+++ EXTRACTED DATA

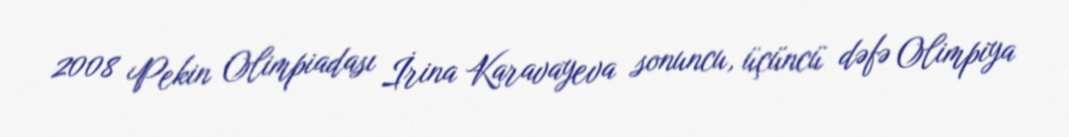
2008 Pekin Olimpiadası İrina Karavayeva sonuncu, üçüncü dəfə Olimpiya
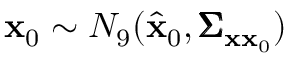
\mathbf { x } _ { 0 } \sim N _ { 9 } ( \hat { \mathbf { x } } _ { 0 } , \pmb { \Sigma } _ { \mathbf { x } \mathbf { x } _ { 0 } } )
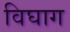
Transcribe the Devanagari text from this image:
विघाग
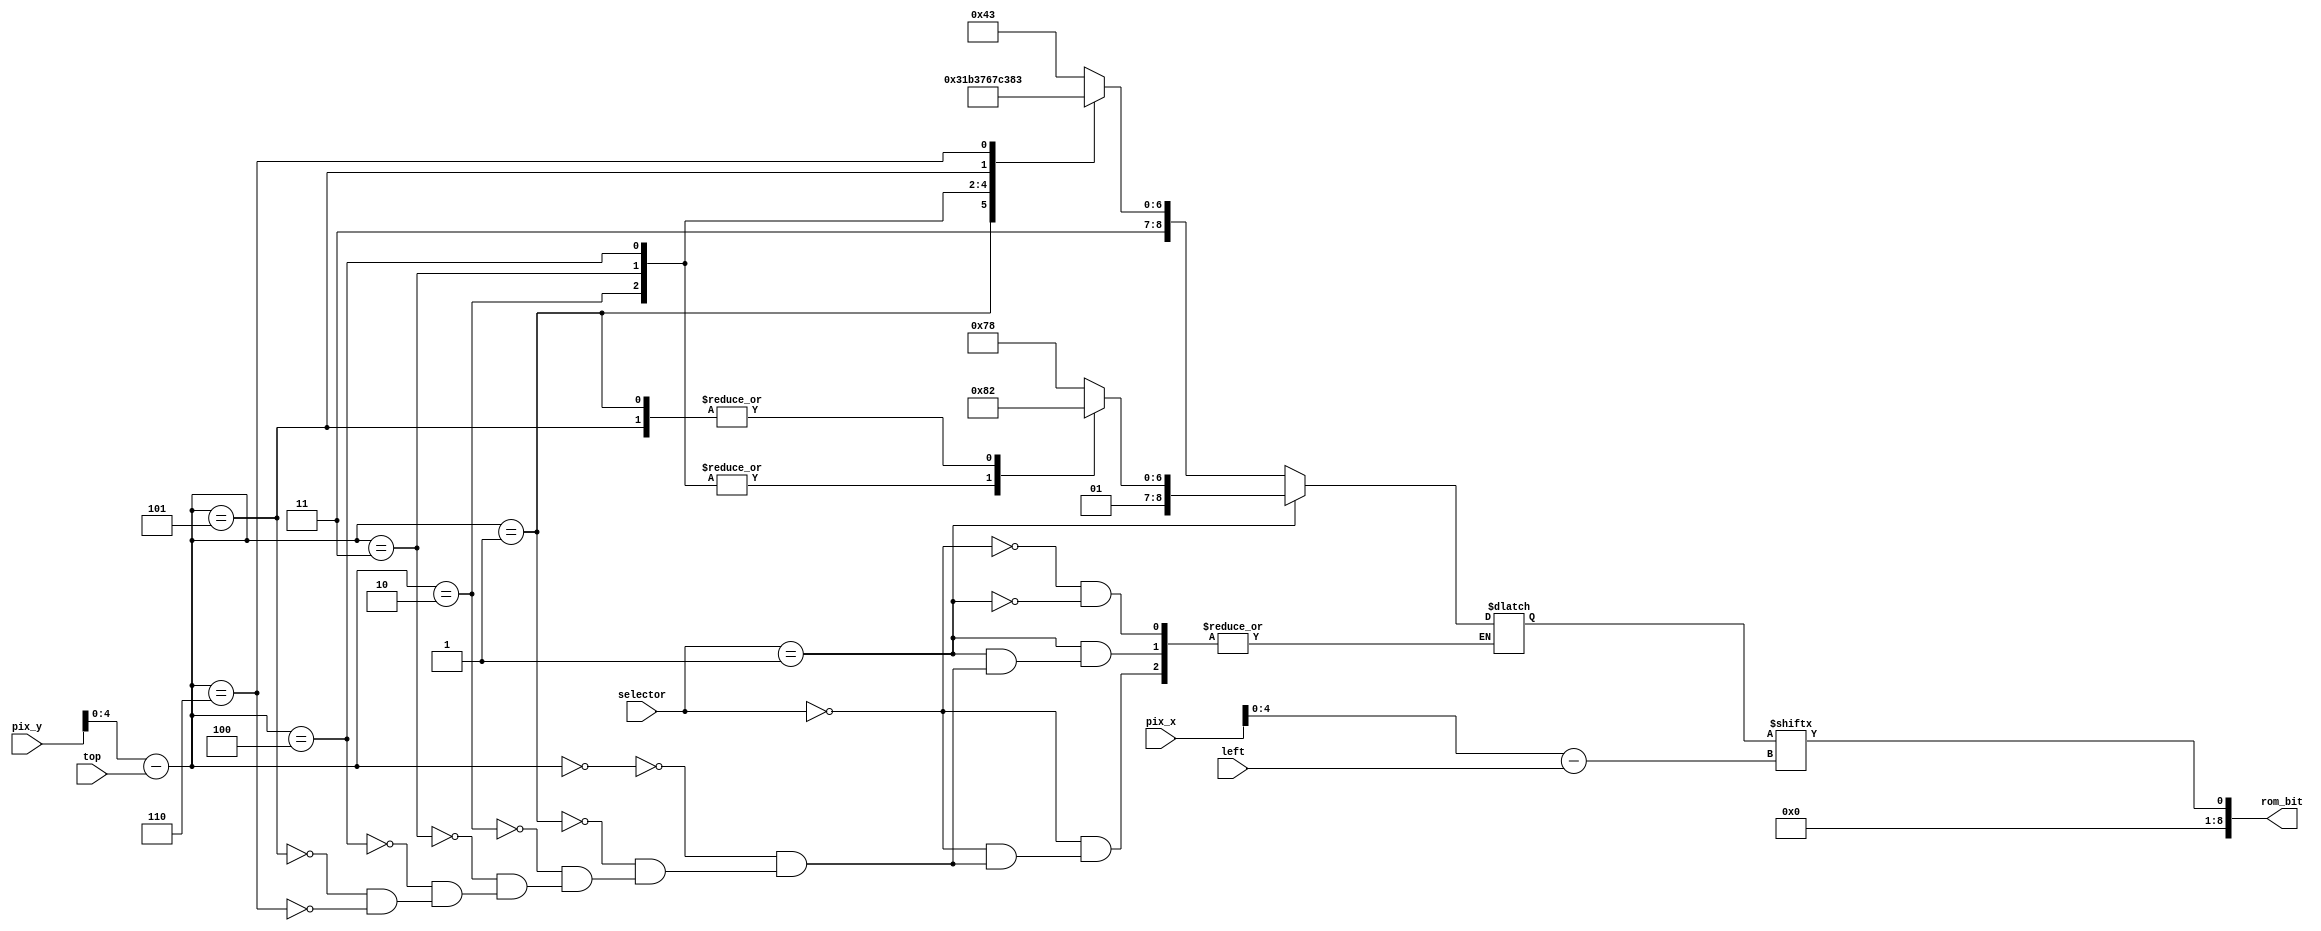
`timescale 1ns / 1ps
//////////////////////////////////////////////////////////////////////////////////
// Company: 
// Engineer: 
// 
// Design Name: 
// Module Name: letter_rom
// Project Name: 
// Target Devices: 
// Tool Versions: 
// Description: 
// 
// Dependencies: 
// 
// Revision:
// Revision 0.01 - File Created
// Additional Comments:
// 
//////////////////////////////////////////////////////////////////////////////////


module letter_rom(
    input wire [9:0] pix_x, pix_y,
    input wire [4:0] left, top,
    input wire [1:0] selector,
    output wire [8:0] rom_bit
    );
    wire [4:0] address, column;
    reg [8:0] data;
    
    always @*
        case(selector)
            0:
                // W I N
                case(address)
                    4'h0: data = 45'b011000011000001111110000111000011;            
                    4'h1: data = 45'b011000011000000011000000111100011;              
                    4'h2: data = 45'b011000011000000011000000110110011;              
                    4'h3: data = 45'b011011011000000011000000110111011;                
                    4'h4: data = 45'b011011011000000011000000110011111;                
                    4'h5: data = 45'b011011011000000011000000110000111;                
                    4'h6: data = 45'b011111111000001111110000110000011;
                 endcase
            1:
                // D I E D
                case(address)
                    4'h0: data = 45'b011111000000001111110000111111100000011111000;
                    4'h1: data = 45'b010000010000000011000000100000000000010000010;
                    4'h2: data = 45'b010000001000000011000000100000000000010000001;
                    4'h3: data = 45'b010000001000000011000000111111100000010000001;
                    4'h4: data = 45'b010000001000000011000000100000000000010000001;
                    4'h5: data = 45'b010000010000000011000000100000000000010000010;
                    4'h6: data = 45'b011111000000001111110000111111100000011111000;
                endcase
        endcase
        
        assign address = pix_y[4:0] - top[4:0];
        assign column = pix_x[4:0] - left[4:0];
        assign rom_bit = data[column];
endmodule
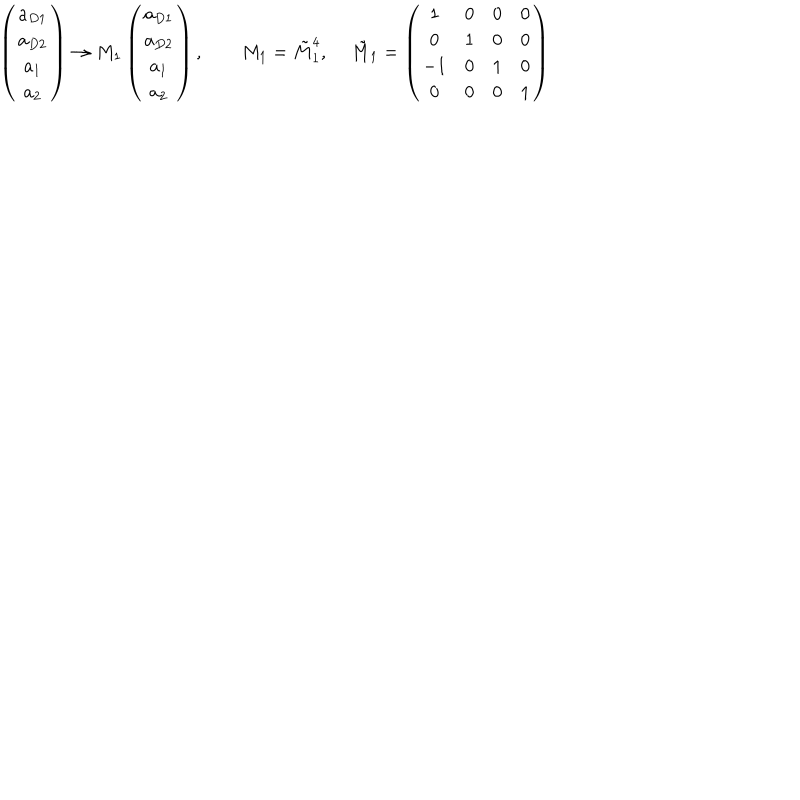
\left( \begin{matrix} { { a _ { D 1 } } } \\ { { a _ { D 2 } } } \\ { { a _ { 1 } } } \\ { { a _ { 2 } } } \\ \end{matrix} \right) \to M _ { 1 } \left( \begin{matrix} { { a _ { D 1 } } } \\ { { a _ { D 2 } } } \\ { { a _ { 1 } } } \\ { { a _ { 2 } } } \\ \end{matrix} \right) , \qquad M _ { 1 } = { \tilde { M } } _ { 1 } ^ { 4 } , \quad \, { \tilde { M } } _ { 1 } = \left( \begin{matrix} { { 1 } } & { { 0 } } & { { 0 } } & { { 0 } } \\ { { 0 } } & { { 1 } } & { { 0 } } & { { 0 } } \\ { { - 1 } } & { { 0 } } & { { 1 } } & { { 0 } } \\ { { 0 } } & { { 0 } } & { { 0 } } & { { 1 } } \\ \end{matrix} \right)
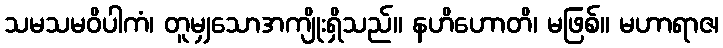
သမသမဝိပါကံ၊ တူမျှသောအကျိုးရှိသည်။ နဟိဟောတိ၊ မဖြစ်။ မဟာရာဇ၊
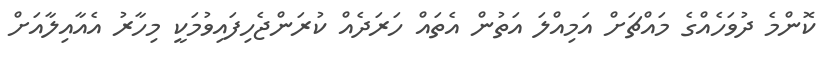
ކޮންމެ ދުވަހެއްގެ މައްޗަށް އަމިއްލަ އަތުން އެތައް ހަރަދެއް ކުރަންޖެހިފައިވުމަކީ މިހާރު އެއާއިލާއަށް
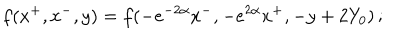
LaTeX: f ( x ^ { + } , x ^ { - } , y ) = f ( - e ^ { - 2 \alpha } x ^ { - } , - e ^ { 2 \alpha } x ^ { + } , - y + 2 Y _ { 0 } ) \, ;
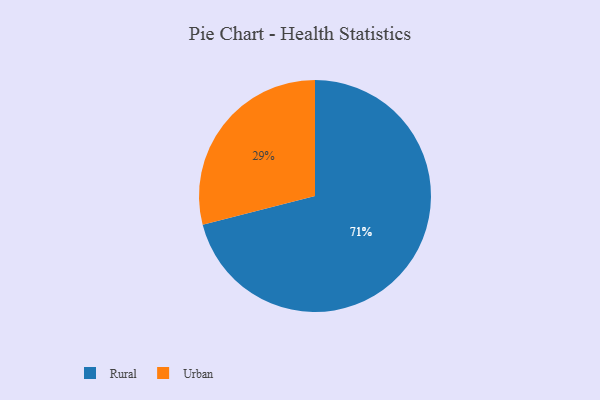
{"axis": {"x": "Category", "y": "Percentage"}, "legend": ["Rural", "Urban"], "data": [{"x": "Rural", "y": 71, "type": "Rural"}, {"x": "Urban", "y": 29, "type": "Urban"}]}
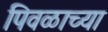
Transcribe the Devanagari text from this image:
पिवळाच्या
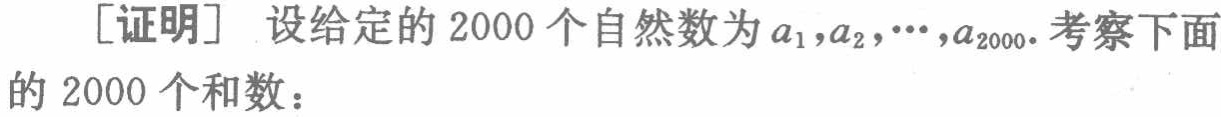
[证明] 设给定的 2000 个自然数为 \(a_{1},a_{2},\cdots,a_{2000}\). 考察下面的 2000 个和数：
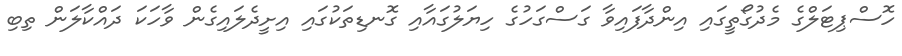
ހޮސްޕިޓަލްގެ މެދުގޯތީގައި އިންދާފައިވާ ގަސްގަހުގެ ހިޔަލުގައާއި ގޮނޑިތަކުގައި އިށީދެލައިގެން ވާހަކަ ދައްކާލަން ތިބި
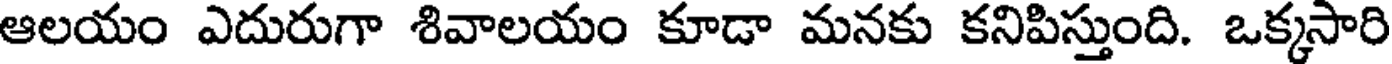
ఆలయం ఎదురుగా శివాలయం కూడా మనకు కనిపిస్తుంది. ఒక్కసారి
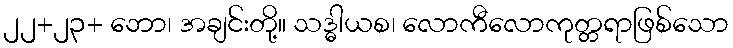
၂၂+၂၃+ ဘော၊ အချင်းတို့။ သဒ္ဓါယစ၊ လောကီလောကုတ္တရာဖြစ်သော
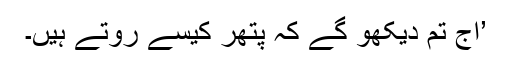
’آج تم دیکھو گے کہ پتھر کیسے روتے ہیں۔
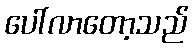
ပေါ်လာတော့သည်
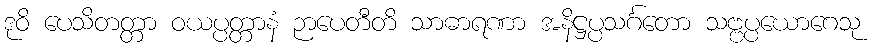
ဒုဝိ ပေသိတတ္တာ ဝယပ္ပတ္တာနံ ဉာပေတီတိ သာဓာရဏာ အနိဋ္ဌပ္ပသင်္ဂတော သဗ္ဗပ္ပယောဂေသု
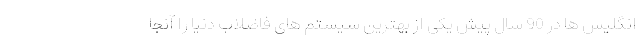
انگلیس ها در 90 سال پیش یکی از بهترین سیستم های فاضلاب دنیا را آنجا
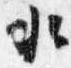
水
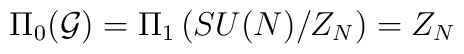
\Pi_0({\cal G})=\Pi_1\left( SU(N)/Z_N\right)=Z_N
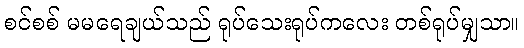
စင်စစ် မမရေချယ်သည် ရုပ်သေးရုပ်ကလေး တစ်ရုပ်မျှသာ။
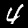
Label: 4
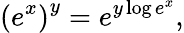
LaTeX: \left(e^{x}\right)^{y}=e^{y\log e^{x}},
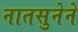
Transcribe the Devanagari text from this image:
नातसुनेने
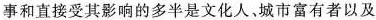
事和直接受其影响的多半是文化人。城市富有者以及
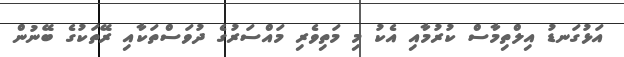
އަޅުގަނޑު އިލްތިމާސް ކުރުމާއި އެކު މި މަތިވެރި މައްސަރުގެ ދުވަސްތަކާއި ރޭތަކުގެ ބޭނުން
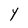
Character: Y
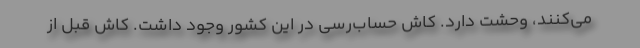
می‌کنند، وحشت دارد. کاش حساب‌رسی در این کشور وجود داشت. کاش قبل از
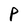
Character: P

++++++

## WHAT NEEDS TO BE DONE
Return every line above where "Name" appears.

## SOLUTION TO THIS EXERCISE
// Design Name: 
// Module Name: letter_rom
// Project Name: 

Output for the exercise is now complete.